You might also meet with prejudice from other people because you are a young parent; but it is important to remember that having a child does not mean you do not have options, and there is a lot of support and help for young parents and their families.

You can talk to your GP about getting help, or you can call a charity that specialises in reproductive health. If you are under 25 you can talk to one of the counsellors at Brook.
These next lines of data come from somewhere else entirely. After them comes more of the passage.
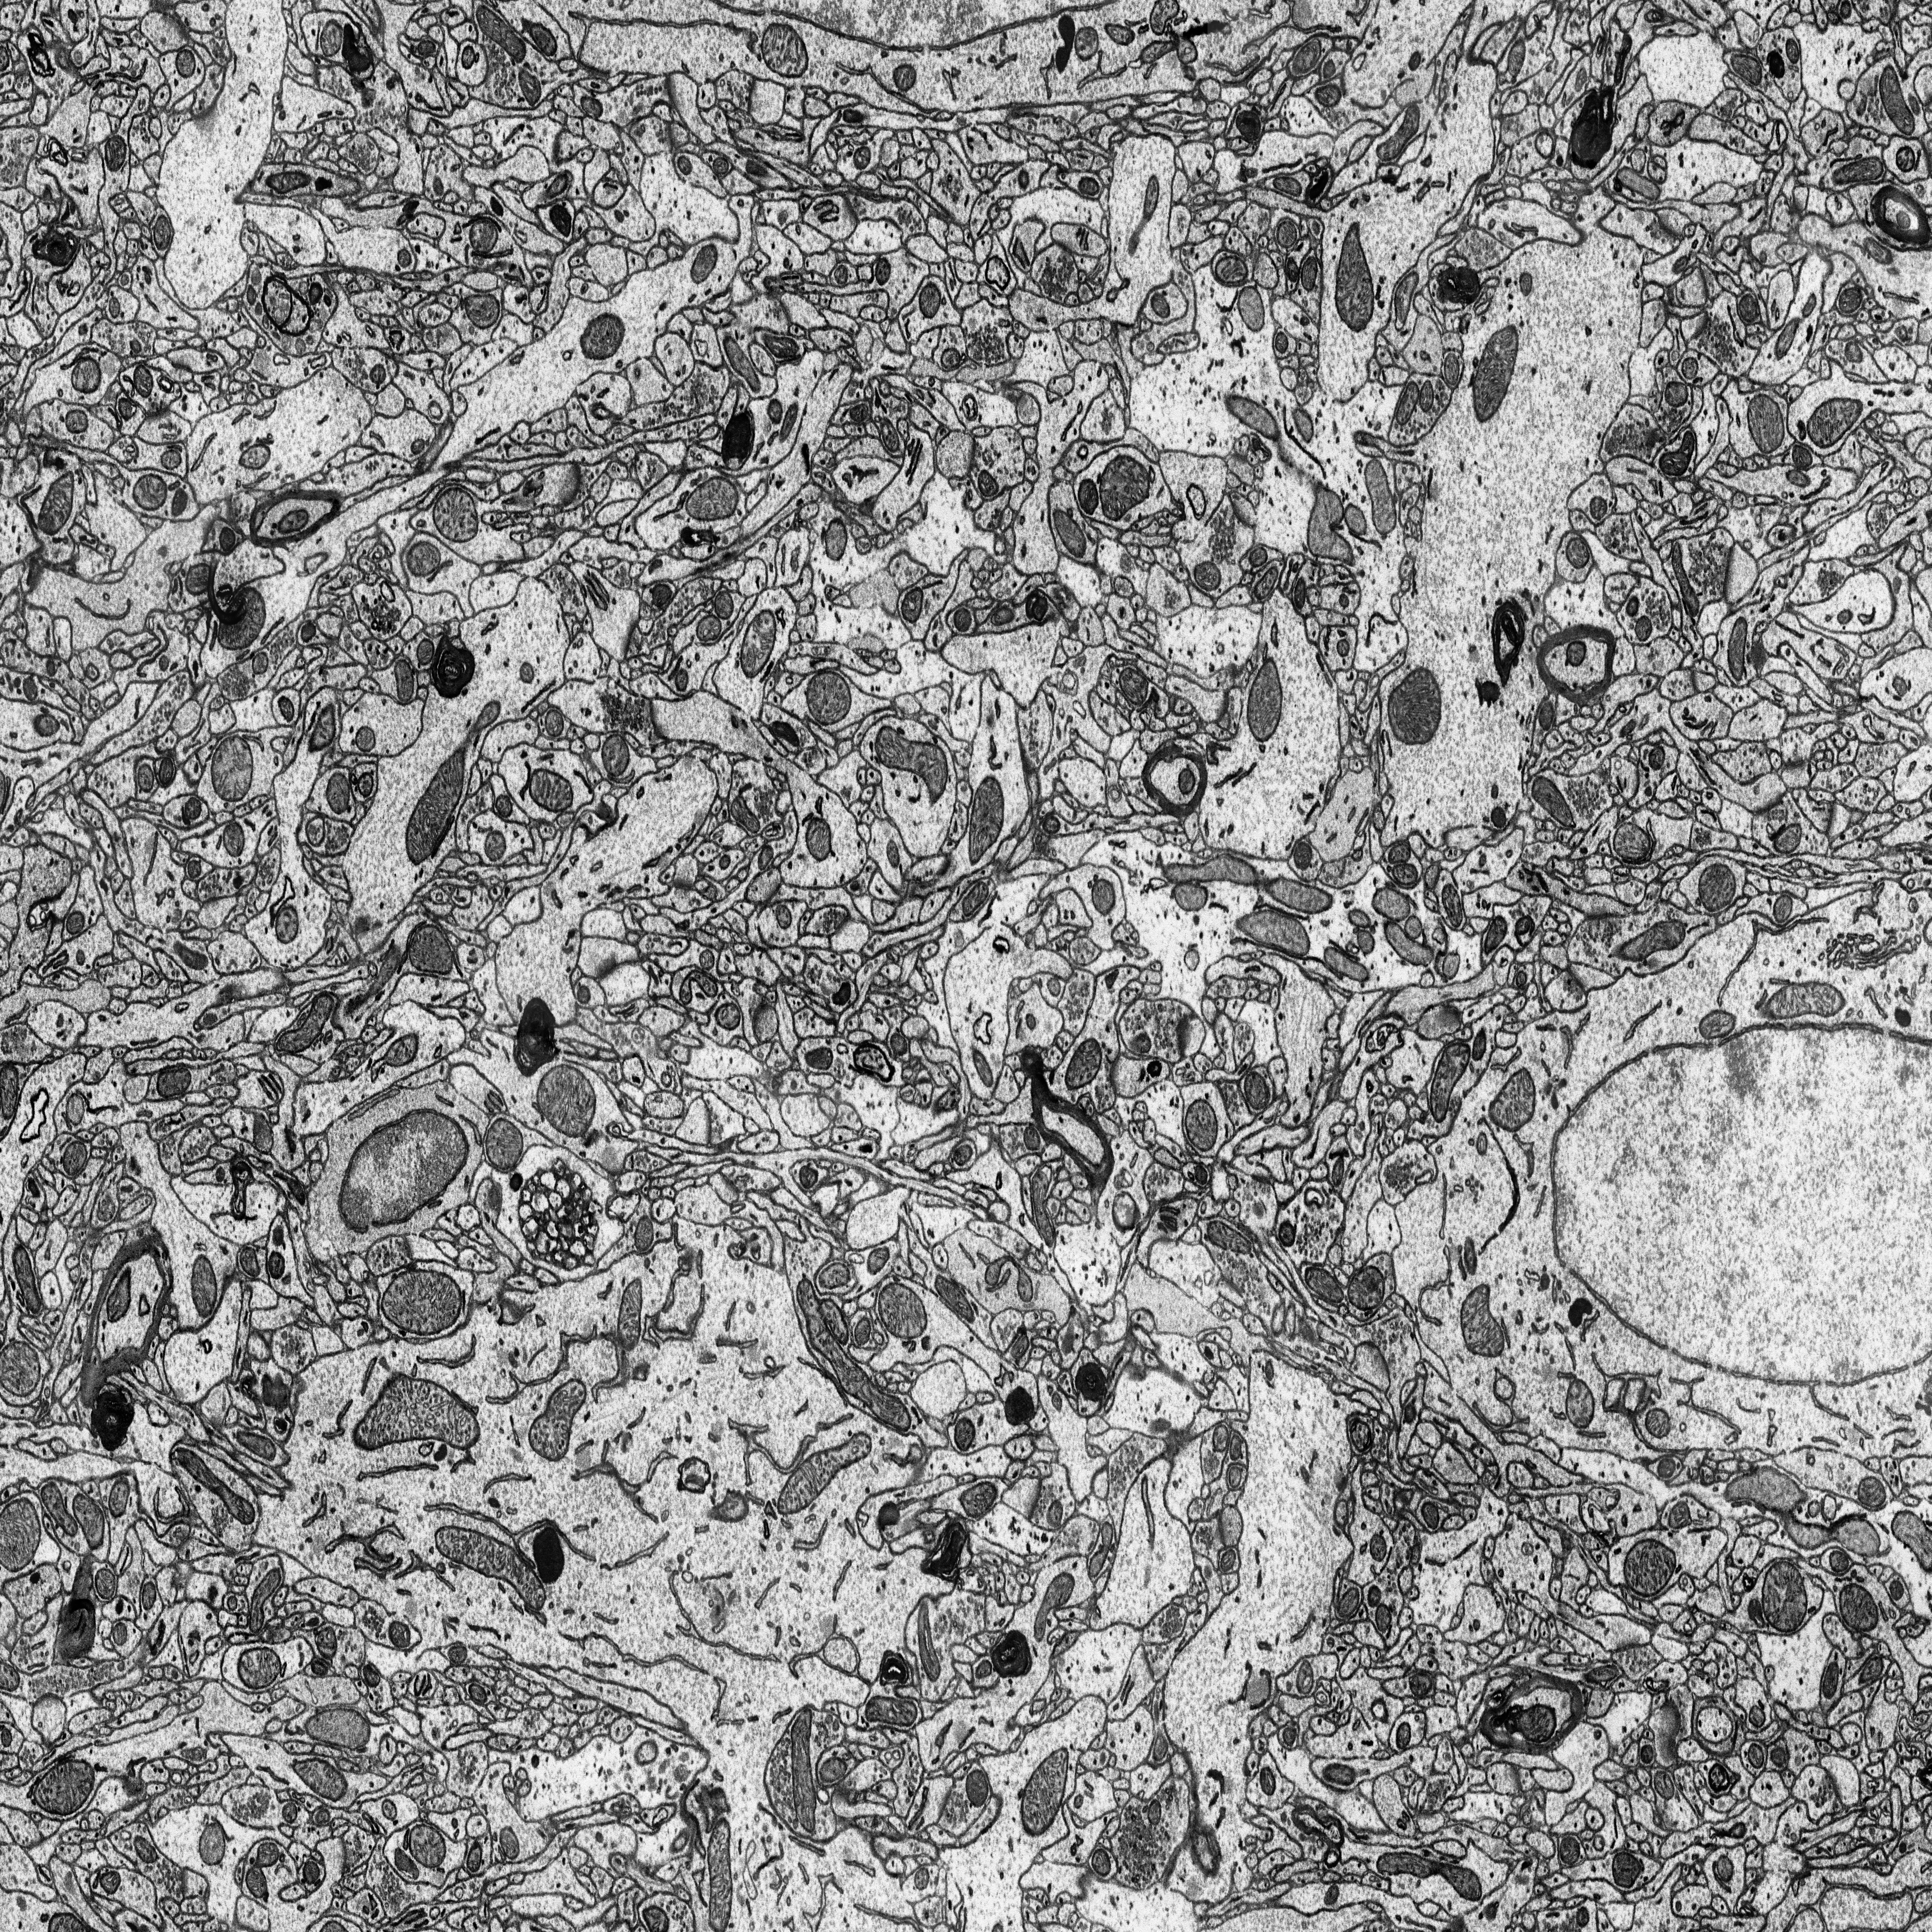
Electron microscopy slice of rat cortex tissue
Slice depth (z): 170
Mitochondria instances in slice: 396
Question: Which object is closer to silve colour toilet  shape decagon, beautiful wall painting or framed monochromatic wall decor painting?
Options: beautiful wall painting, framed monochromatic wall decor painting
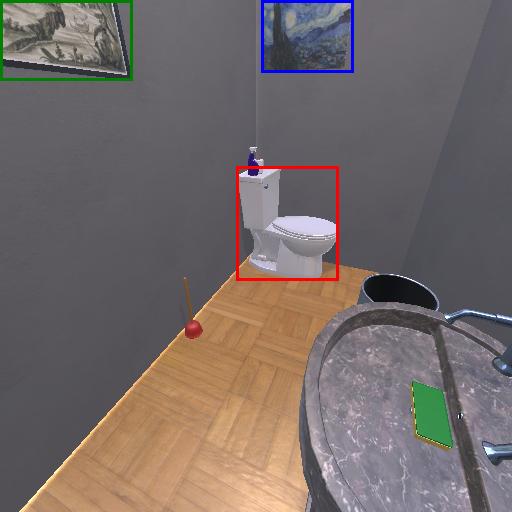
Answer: beautiful wall painting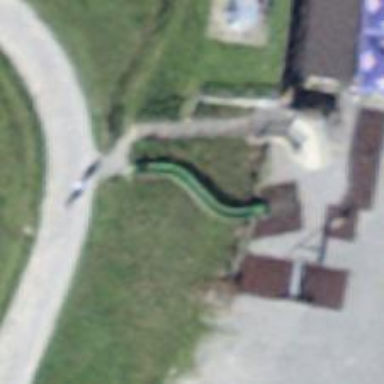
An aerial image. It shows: Playground with slide.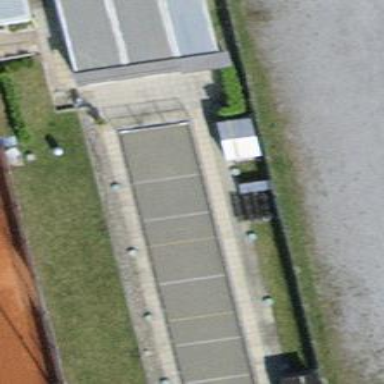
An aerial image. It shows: Pitch designated for boules game.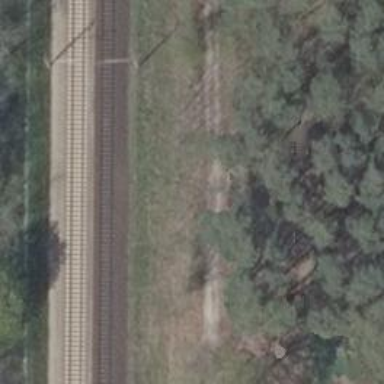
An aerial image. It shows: Dirt track road with grade 4 track type.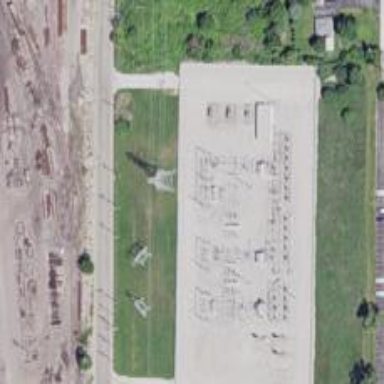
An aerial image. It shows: Switch used for power control.
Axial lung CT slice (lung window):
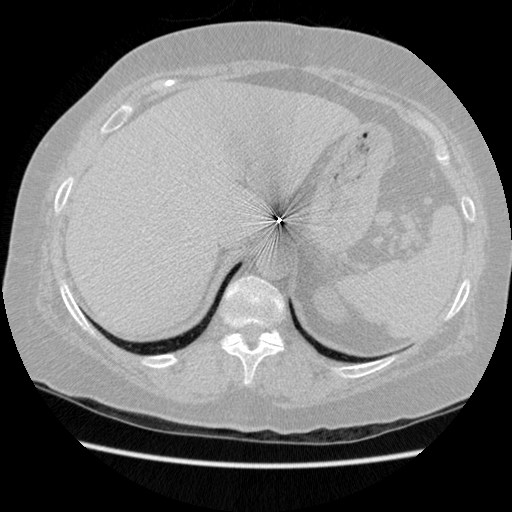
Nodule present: no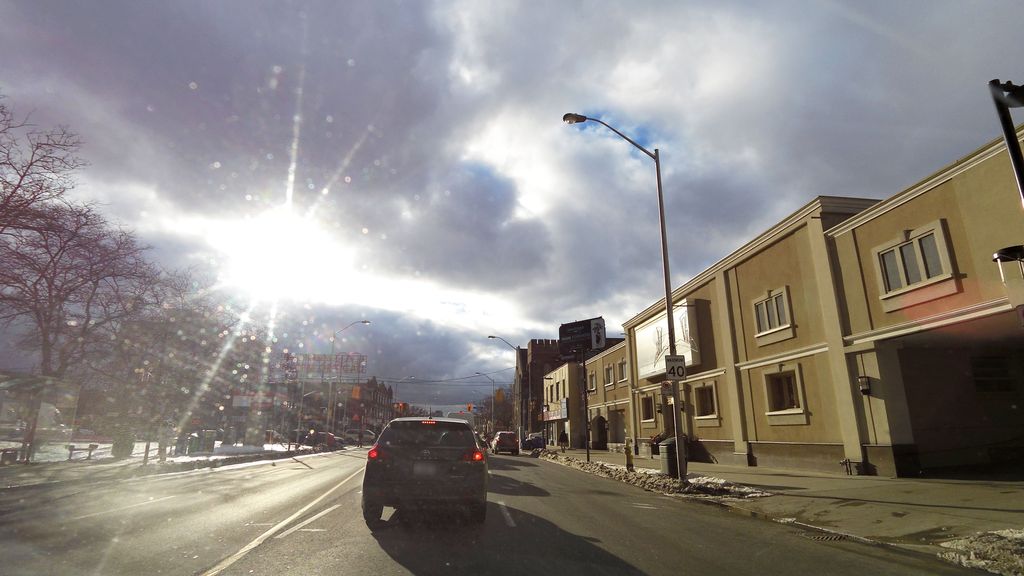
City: toronto
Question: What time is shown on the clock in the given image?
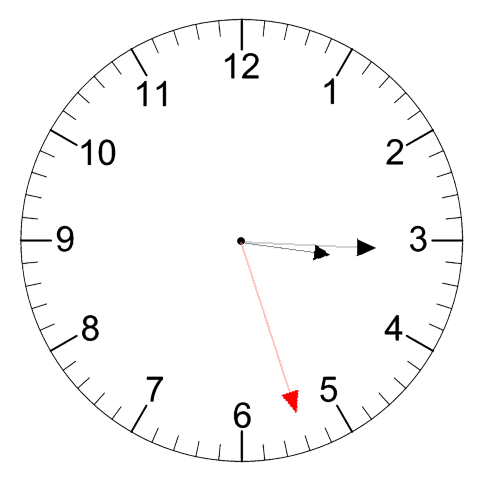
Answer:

You could also call Sexual Health Direct at fpa or the National Childbirth Trust

Pregnancy myths

There are a lot of myths about pregnancy, in terms of when women can or cannot get pregnant. Read on to get the facts.

Myth:

You can’t get pregnant when you have your period.

Fact:

It is definitely possible to get pregnant if you have unprotected sex during your period. This will depend on the length of your menstrual cycle, when you are ovulating and when you had sex. If you have irregular cycles, are not keeping track of the length of your cycle, or have not been trained by a doctor on how to tell when your fertile time is, then it is difficult to know when you might be at risk of pregnancy. For this reason it is best to always use contraception if you do not want to become pregnant.

Myth:

You can’t get pregnant if you have never had a period.

Fact:

Women ovulate approximately two weeks before their period comes, and young girls have especially irregular cycles, so it is definitely possible to get pregnant before you have your first ever period.

Myth:

You can’t get pregnant if you have sex standing up. You can’t get pregnant if you have sex in a bath. You can’t get pregnant on a Tuesday.

Fact:

Regardless of where or how you have sex, once those sperm are inside your body there’s always going to be a possibility of pregnancy.

Myth:

You can’t get pregnant the first time you have sex.

Fact:

Once sperm are inside you, there’s nothing that can be done to get them out so there is always a possibility of pregnancy.

Myth:

You can’t get pregnant if he pulls out before ejaculating.

Fact:

When men have an erection their body produces a fluid called pre-cum, and it is possible that this could contain sperm. This means that even if he pulls out before ejaculating he could still leave sperm behind that could cause a pregnancy. It’s also possible that he will get lost in the moment and not pull out in time.

Myth:

Douching (spraying liquid into your vagina to clean it) can prevent pregnancy.

Fact:

Once the sperm are inside your body there is nothing you can do to get them out.

Myth:

You can’t get pregnant if the girl is on top during sex.

Fact:

If the man’s sperm is inside you, it’s irrelevant what position you are in, gravity will not make any difference.

Myth:

You can’t get pregnant if the woman doesn’t have an orgasm.

Fact:

Orgasm has nothing to do with the ability to conceive.

Myth:

You can’t get pregnant if you pee immediately after sex.

Fact:

The urethra (hole that urine comes out) and vagina are two different holes, so peeing will not change the fact that there is sperm inside the vagina.

Essentially, no matter what the circumstance, how long you have sex, what position you have it in, or where you do it, every time you have sex without a condom (with or without the boy ejaculating) there is always a possibility for you to get pregnant.

If you want to know how pregnancy really happens, read our contraception page.

For these reasons it is best to always use some form of contraception if you do not want to have a baby. It is also important to keep in mind that unprotected sex is a good way to catch a sexually transmitted infection. Condoms are the only form of contraception that can prevent pregnancy and also help prevent the transmission of many infections, including HIV.